第3に、AURKAの過剰発現が有数の細胞²の割合で有糸分裂性紡錘異常を誘導することが知られている。哺乳動物発現ベクターに見られる最も一般的なプロモーターの1つであるサイトメガロウイルス(CMV)のような強力なプロモーターの下で、またはAURKA最小プロモーター配列(CTTCCGG)^14,47の下で同じFRET構築物を発現することによって得られたΔLifetimeを比較することは興味深いだろう。このプロモーターは、キナーゼのノックダウン後に生じる単極性または多極スピンドルを救出することが以前に示され、その使用は^se14,47当たりの細胞周期摂動を誘発しなかった。FLIMは^cell11のタンパク質発現レベルおよび相対濃度に対して無神経であるが、同じバイオセンサーのセットアップで2つのプロモーターを完全に比較することによって利益を得ることは、任意の場所で活性化されたAURKAのプールの理解を広げるだろう。さらに、上皮癌および血液学的癌のパラダイムに関連する過剰発現時にAURKA活性化がどのように変化するかについての新しい洞察を提供するであろう。

最後に、ダウンストリームの FRET アプリケーションも考慮する必要があります。AURKAの分野における将来の展望は、基質ベースのバイオセンサーを用いてキナーゼ立体構造バイオセンサーを累積することである。2つのバイオセンサーのFRET挙動を同時に分析する(マルチプレックスFRETと呼ばれるプロセス)は、第2のドナーチャネルでスペクトルブリードを避けるために、第1のバイオセンサーに暗いアクセクターを必要とします。AURKAの文脈では、これは第1のバイオセンサーでキナーゼの活性化を検出するエキサイティングな新しい視点を開き、第2のバイオセンサーと与えられた基板に向かってその酵素活性を開くだろう。
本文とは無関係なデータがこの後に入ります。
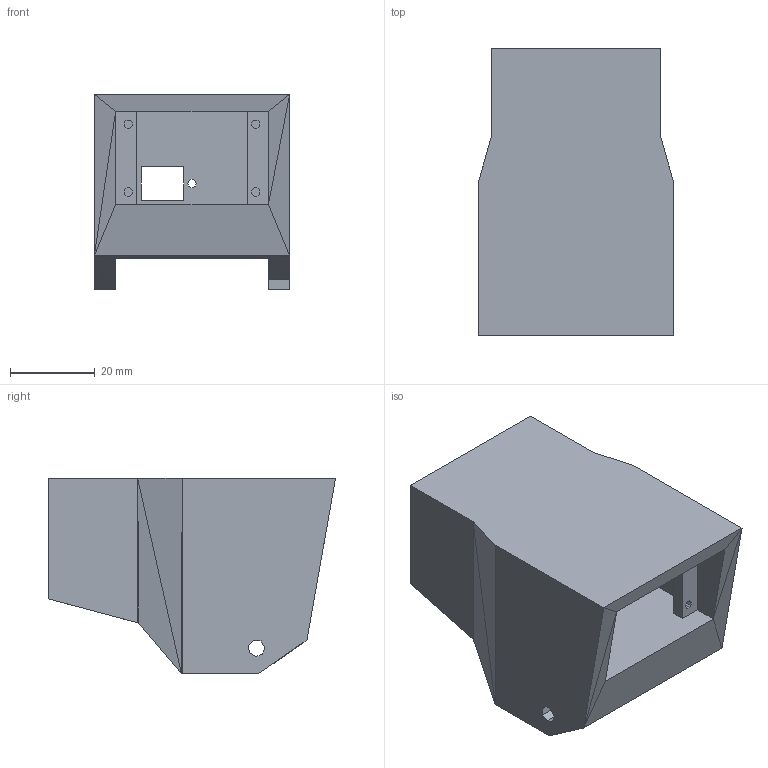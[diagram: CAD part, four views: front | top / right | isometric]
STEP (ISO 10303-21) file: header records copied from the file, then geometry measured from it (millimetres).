
FILE_DESCRIPTION(('FreeCAD Model'),'2;1');
FILE_NAME('cabeza.step', '2014-09-10T13:52:37',('FreeCAD'),('FreeCAD'), 'Open CASCADE STEP processor 6.5','FreeCAD','Unknown');
FILE_SCHEMA(('AUTOMOTIVE_DESIGN_CC2 { 1 2 10303 214 -1 1 5 4 }'));
Length unit declared in the file: millimetre
Products named in the file (1): Open CASCADE STEP translator 6.5 2
Bounding box: 46 x 67.61 x 46 mm (x, y, z)
Surface area: 23198.3 mm2 (no closed solid volume)
Topology: 0 solids, 1 shells, 204 faces, 536 edges, 334 vertices
Faces by surface type: plane 204
Entity records: 13011 total; most frequent: CARTESIAN_POINT 2210, DIRECTION 1955, LINE 1545, VECTOR 1545, ORIENTED_EDGE 1072, PCURVE 1072, DEFINITIONAL_REPRESENTATION 1072, EDGE_CURVE 536
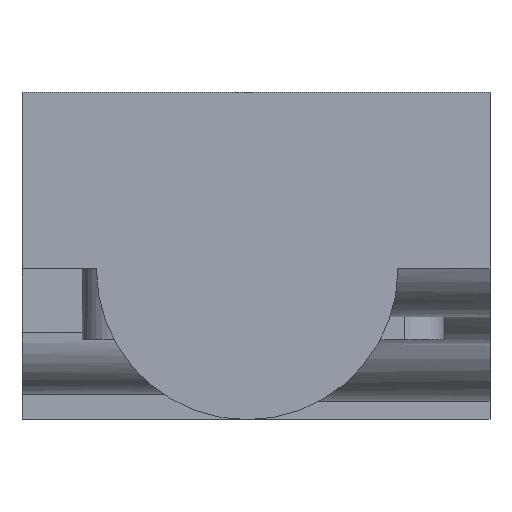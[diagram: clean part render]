
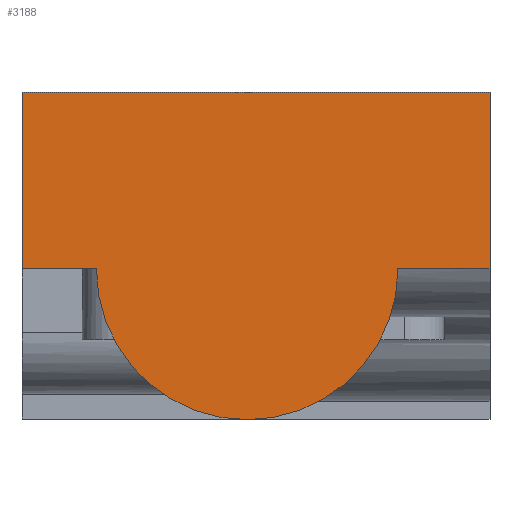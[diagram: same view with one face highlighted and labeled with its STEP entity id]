
A CAD part, front view. The second image highlights one B-rep face of the part: STEP entity #3188.
In plain terms, the highlighted planar face has unit normal (0, -1, 0).
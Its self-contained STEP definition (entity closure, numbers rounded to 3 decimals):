
#196=LINE('',#4935,#466);
#218=LINE('',#5047,#488);
#227=LINE('',#5068,#497);
#248=LINE('',#5209,#518);
#249=LINE('',#5210,#519);
#466=VECTOR('',#3891,1000.);
#488=VECTOR('',#3965,1000.);
#497=VECTOR('',#3980,1000.);
#518=VECTOR('',#4041,1000.);
#519=VECTOR('',#4042,1000.);
#900=ORIENTED_EDGE('',*,*,#1761,.F.);
#901=ORIENTED_EDGE('',*,*,#1812,.T.);
#902=ORIENTED_EDGE('',*,*,#1771,.F.);
#903=ORIENTED_EDGE('',*,*,#1813,.F.);
#904=ORIENTED_EDGE('',*,*,#1713,.T.);
#905=ORIENTED_EDGE('',*,*,#1814,.F.);
#1713=EDGE_CURVE('',#2172,#2170,#196,.T.);
#1761=EDGE_CURVE('',#2219,#2220,#218,.T.);
#1771=EDGE_CURVE('',#2228,#2226,#227,.T.);
#1812=EDGE_CURVE('',#2219,#2226,#2483,.T.);
#1813=EDGE_CURVE('',#2172,#2228,#248,.T.);
#1814=EDGE_CURVE('',#2220,#2170,#249,.T.);
#2170=VERTEX_POINT('',#4933);
#2172=VERTEX_POINT('',#4936);
#2219=VERTEX_POINT('',#5046);
#2220=VERTEX_POINT('',#5048);
#2226=VERTEX_POINT('',#5063);
#2228=VERTEX_POINT('',#5067);
#2483=CIRCLE('',#3474,17.073);
#2614=EDGE_LOOP('',(#900,#901,#902,#903,#904,#905));
#2858=FACE_BOUND('',#2614,.T.);
#3081=PLANE('',#3473);
#3188=ADVANCED_FACE('',(#2858),#3081,.F.);
#3473=AXIS2_PLACEMENT_3D('',#5207,#4037,#4038);
#3474=AXIS2_PLACEMENT_3D('',#5208,#4039,#4040);
#3891=DIRECTION('',(-1.,0.,0.));
#3965=DIRECTION('',(-1.,0.,0.));
#3980=DIRECTION('',(-1.,0.,0.));
#4037=DIRECTION('',(0.,1.,0.));
#4038=DIRECTION('',(0.,0.,1.));
#4039=DIRECTION('',(0.,-1.,0.));
#4040=DIRECTION('',(0.,0.,-1.));
#4041=DIRECTION('',(0.,0.,-1.));
#4042=DIRECTION('',(0.,0.,1.));
#4933=CARTESIAN_POINT('',(0.,0.,37.));
#4935=CARTESIAN_POINT('',(55.,0.,37.));
#4936=CARTESIAN_POINT('',(53.,0.,37.));
#5046=CARTESIAN_POINT('',(8.427,0.,17.));
#5047=CARTESIAN_POINT('',(55.,0.,17.));
#5048=CARTESIAN_POINT('',(0.,0.,17.));
#5063=CARTESIAN_POINT('',(42.573,0.,17.));
#5067=CARTESIAN_POINT('',(53.,0.,17.));
#5068=CARTESIAN_POINT('',(55.,0.,17.));
#5207=CARTESIAN_POINT('',(55.,0.,37.));
#5208=CARTESIAN_POINT('',(25.5,0.,17.));
#5209=CARTESIAN_POINT('',(53.,0.,37.));
#5210=CARTESIAN_POINT('',(0.,0.,37.));

マルチプレキシングの最近の開発により、同時に最大3つのバイオセンサーを一度に^{累積できるようになりました48}.AURKAの文脈で同様の方法を適用することは、キナーゼの活性化活動相互作用をテストするだけでなく、前例のない時空間的解像度でAURKAシグナル伝達カスケードを探索する非常に有望な戦略を表す可能性があります。

結論として、FRET/FLIMはタンパク質活性に関する知識を深める便利な方法です。一方で、少なくとも1つの蛍光部分のおかげで、生細胞内の特定のタンパク質の局在を可視化することができます。一方、タンパク質の立体構造の変化を解明することができ、タンパク質の活性化や活性に有益である可能性があります。したがって、FRET/FLIMおよび立体構造FRETバイオセンサーは、生細胞のシグナル伝達経路に従う広範な方法になり、絶妙な時空間分解能を有する可能性を秘めている。
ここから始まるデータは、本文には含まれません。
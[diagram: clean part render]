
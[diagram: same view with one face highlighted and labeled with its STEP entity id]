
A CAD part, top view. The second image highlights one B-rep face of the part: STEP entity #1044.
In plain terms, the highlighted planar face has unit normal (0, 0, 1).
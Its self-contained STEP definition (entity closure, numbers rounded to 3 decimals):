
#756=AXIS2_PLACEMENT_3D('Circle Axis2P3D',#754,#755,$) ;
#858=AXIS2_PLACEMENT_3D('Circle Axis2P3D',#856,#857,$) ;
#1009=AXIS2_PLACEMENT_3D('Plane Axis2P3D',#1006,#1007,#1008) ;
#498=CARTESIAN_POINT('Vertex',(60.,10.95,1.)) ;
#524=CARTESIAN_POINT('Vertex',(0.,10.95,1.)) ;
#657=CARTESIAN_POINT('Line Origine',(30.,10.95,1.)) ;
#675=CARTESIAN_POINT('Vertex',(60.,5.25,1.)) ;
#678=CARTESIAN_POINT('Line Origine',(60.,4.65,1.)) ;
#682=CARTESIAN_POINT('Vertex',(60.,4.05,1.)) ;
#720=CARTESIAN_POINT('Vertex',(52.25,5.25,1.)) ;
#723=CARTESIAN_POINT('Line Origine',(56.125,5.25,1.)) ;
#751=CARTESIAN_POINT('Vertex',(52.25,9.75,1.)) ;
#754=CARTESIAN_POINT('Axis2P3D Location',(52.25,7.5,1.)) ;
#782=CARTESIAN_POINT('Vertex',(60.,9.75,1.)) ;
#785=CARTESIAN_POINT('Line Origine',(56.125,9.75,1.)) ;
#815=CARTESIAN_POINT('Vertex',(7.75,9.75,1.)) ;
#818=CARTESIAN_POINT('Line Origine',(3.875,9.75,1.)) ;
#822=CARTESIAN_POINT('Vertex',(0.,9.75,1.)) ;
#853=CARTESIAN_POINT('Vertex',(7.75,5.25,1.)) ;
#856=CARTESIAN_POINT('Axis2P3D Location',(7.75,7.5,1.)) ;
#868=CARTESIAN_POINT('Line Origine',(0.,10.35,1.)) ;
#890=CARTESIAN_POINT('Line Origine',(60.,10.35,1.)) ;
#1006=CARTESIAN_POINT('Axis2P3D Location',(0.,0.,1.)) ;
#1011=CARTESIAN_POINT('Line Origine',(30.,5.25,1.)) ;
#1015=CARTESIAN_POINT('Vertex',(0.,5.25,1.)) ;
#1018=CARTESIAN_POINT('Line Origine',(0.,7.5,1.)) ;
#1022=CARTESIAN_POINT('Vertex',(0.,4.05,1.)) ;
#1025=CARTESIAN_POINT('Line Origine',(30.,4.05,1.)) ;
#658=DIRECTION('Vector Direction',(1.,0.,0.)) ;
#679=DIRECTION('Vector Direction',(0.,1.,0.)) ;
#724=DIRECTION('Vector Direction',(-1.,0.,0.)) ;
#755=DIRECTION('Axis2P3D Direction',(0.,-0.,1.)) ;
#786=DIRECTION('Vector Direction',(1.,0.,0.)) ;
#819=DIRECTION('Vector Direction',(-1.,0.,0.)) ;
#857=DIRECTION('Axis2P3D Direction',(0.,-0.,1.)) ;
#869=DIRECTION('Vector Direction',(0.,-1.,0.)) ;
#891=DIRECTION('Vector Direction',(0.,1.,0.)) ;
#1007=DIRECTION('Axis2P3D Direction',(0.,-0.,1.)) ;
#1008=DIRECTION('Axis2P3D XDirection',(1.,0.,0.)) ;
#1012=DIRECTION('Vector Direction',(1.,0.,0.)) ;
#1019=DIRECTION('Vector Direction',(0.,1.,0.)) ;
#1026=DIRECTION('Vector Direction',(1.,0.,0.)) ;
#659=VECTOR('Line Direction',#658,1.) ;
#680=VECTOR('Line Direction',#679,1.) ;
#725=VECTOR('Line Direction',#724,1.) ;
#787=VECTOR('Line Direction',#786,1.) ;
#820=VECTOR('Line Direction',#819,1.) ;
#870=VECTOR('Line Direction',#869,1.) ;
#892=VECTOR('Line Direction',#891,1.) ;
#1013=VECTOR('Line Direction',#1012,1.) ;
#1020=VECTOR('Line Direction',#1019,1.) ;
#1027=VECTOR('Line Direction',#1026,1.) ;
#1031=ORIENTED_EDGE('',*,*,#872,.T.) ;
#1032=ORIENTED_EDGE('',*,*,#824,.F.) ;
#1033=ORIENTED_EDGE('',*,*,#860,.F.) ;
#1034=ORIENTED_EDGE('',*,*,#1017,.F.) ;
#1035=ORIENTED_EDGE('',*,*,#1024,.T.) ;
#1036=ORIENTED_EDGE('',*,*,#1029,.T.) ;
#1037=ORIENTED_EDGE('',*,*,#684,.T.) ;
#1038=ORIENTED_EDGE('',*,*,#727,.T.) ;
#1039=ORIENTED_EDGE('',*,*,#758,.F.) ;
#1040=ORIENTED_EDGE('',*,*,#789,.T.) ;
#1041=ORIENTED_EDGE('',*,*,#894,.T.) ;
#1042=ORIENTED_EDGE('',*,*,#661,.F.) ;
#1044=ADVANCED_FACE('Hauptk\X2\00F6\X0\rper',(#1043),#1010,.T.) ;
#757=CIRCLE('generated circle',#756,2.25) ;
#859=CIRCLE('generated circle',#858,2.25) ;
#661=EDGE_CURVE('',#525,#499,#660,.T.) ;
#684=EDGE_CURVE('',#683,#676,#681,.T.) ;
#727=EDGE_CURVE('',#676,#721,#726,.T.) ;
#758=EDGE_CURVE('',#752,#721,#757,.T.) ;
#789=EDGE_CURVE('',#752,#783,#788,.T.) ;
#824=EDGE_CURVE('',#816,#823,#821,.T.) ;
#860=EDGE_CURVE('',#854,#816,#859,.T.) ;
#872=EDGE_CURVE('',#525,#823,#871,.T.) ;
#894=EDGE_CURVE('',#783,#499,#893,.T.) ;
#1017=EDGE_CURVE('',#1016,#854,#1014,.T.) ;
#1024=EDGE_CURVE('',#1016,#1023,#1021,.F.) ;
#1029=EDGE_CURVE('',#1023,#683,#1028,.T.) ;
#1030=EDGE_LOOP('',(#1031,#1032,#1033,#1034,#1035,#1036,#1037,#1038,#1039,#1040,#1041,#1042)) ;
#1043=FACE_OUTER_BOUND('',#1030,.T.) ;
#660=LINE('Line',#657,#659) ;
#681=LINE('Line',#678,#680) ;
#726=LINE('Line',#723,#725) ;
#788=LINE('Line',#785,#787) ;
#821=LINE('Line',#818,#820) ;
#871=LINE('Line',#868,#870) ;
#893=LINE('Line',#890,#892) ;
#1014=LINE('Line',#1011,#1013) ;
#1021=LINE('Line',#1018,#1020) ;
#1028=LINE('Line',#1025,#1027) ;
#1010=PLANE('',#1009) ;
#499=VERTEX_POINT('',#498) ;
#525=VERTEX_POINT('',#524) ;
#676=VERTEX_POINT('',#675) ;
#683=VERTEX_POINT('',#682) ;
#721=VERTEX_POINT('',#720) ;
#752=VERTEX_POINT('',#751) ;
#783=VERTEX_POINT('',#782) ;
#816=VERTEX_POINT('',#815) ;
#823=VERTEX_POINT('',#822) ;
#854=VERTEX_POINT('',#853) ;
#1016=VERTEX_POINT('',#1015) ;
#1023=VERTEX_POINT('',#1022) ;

G.B実験を行い、原稿を書いてレビューし、資金を提供し、M.T.は原稿を見直し、支援を提供しました。M.T.は、この原稿に示されている迅速なFLIM測定のためのソリューションを生産するインスコープ会社(フランス)の科学顧問および株主です。インスコープは、原稿のオープンアクセス出版物を部分的にサポートしました。インスコープは、実験設計、データ処理、原稿の執筆に関与していなかった。
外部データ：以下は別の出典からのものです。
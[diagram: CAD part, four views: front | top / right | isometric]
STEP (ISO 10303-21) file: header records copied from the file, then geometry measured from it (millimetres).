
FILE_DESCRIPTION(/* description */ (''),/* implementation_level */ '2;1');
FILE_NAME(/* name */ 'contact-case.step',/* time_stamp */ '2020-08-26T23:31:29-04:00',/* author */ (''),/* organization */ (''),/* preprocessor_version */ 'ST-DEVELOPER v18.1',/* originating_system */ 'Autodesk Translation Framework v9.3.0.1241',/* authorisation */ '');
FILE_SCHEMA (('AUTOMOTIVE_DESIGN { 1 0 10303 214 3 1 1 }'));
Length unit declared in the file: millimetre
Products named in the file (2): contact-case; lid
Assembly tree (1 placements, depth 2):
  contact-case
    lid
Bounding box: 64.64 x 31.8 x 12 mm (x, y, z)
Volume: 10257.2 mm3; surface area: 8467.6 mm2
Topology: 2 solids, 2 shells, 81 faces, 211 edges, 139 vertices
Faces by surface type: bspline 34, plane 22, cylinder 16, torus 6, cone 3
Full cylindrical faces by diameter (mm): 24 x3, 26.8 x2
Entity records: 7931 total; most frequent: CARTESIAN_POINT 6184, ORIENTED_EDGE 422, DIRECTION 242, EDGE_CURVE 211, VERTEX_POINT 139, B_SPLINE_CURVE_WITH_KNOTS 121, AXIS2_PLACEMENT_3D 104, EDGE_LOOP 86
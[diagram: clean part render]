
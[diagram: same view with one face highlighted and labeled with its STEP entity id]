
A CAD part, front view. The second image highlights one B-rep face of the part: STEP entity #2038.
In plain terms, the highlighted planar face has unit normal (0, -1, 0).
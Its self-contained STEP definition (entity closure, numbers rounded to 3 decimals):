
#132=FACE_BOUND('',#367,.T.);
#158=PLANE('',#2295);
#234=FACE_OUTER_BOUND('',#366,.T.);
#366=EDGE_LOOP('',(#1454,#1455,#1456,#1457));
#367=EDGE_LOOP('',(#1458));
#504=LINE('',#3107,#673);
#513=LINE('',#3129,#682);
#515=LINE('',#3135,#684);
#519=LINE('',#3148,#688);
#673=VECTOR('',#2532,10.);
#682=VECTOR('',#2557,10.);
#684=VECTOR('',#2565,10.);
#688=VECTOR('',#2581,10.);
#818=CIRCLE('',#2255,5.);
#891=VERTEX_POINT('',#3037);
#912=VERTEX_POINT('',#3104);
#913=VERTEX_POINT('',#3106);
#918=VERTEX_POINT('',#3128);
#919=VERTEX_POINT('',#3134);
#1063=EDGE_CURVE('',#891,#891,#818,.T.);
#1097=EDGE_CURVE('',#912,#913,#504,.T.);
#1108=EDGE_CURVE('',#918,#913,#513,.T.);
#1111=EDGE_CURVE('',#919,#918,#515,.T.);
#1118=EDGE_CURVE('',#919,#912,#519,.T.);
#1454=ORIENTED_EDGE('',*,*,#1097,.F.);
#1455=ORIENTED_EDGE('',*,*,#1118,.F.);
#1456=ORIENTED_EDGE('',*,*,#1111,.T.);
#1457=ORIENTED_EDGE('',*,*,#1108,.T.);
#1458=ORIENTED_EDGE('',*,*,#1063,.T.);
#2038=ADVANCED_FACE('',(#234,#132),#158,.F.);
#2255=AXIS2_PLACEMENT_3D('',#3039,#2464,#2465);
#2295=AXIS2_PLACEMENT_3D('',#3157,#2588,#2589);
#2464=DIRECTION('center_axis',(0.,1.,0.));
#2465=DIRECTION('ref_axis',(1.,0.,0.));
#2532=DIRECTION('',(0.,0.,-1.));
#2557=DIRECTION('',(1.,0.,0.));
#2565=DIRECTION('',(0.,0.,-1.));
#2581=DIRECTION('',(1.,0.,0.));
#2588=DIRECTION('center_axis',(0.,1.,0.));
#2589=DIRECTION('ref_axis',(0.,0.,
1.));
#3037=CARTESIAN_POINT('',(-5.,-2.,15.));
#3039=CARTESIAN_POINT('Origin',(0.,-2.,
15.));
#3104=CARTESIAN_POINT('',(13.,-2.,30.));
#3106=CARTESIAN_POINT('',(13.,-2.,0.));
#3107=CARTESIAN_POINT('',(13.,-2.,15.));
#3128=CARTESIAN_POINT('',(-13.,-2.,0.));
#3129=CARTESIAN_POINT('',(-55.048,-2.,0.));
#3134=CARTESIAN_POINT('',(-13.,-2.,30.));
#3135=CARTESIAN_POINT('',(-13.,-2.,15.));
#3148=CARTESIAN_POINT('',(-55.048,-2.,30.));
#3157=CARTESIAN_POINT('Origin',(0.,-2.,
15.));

顕微鏡レンヌイメージングセンター(MRic、BIOSIT、レンヌ、フランス)のエンジニアに、アドバイスと助け、特にX.ピンソンの原稿を批判的に読んでくださったことに感謝します。MRicは、フランス国家研究庁(ANR-10-INBS-04)が支援する国家インフラフランスバイオイメージングのメンバーです。この作品は、 センター・ナショナル・デ・ラ・レシェルシュ・サイエンティフィック (CNRS)、 リーグ・コントル・ル・ガン・コミテ・ディレ・エ・ヴィレーヌ、デ・コート・ダルモール・エ・デュ・フィニステール、協会が ラ・レシェルシュ・コントル・ル・ガン(ARC)を G.Bに注ぎます。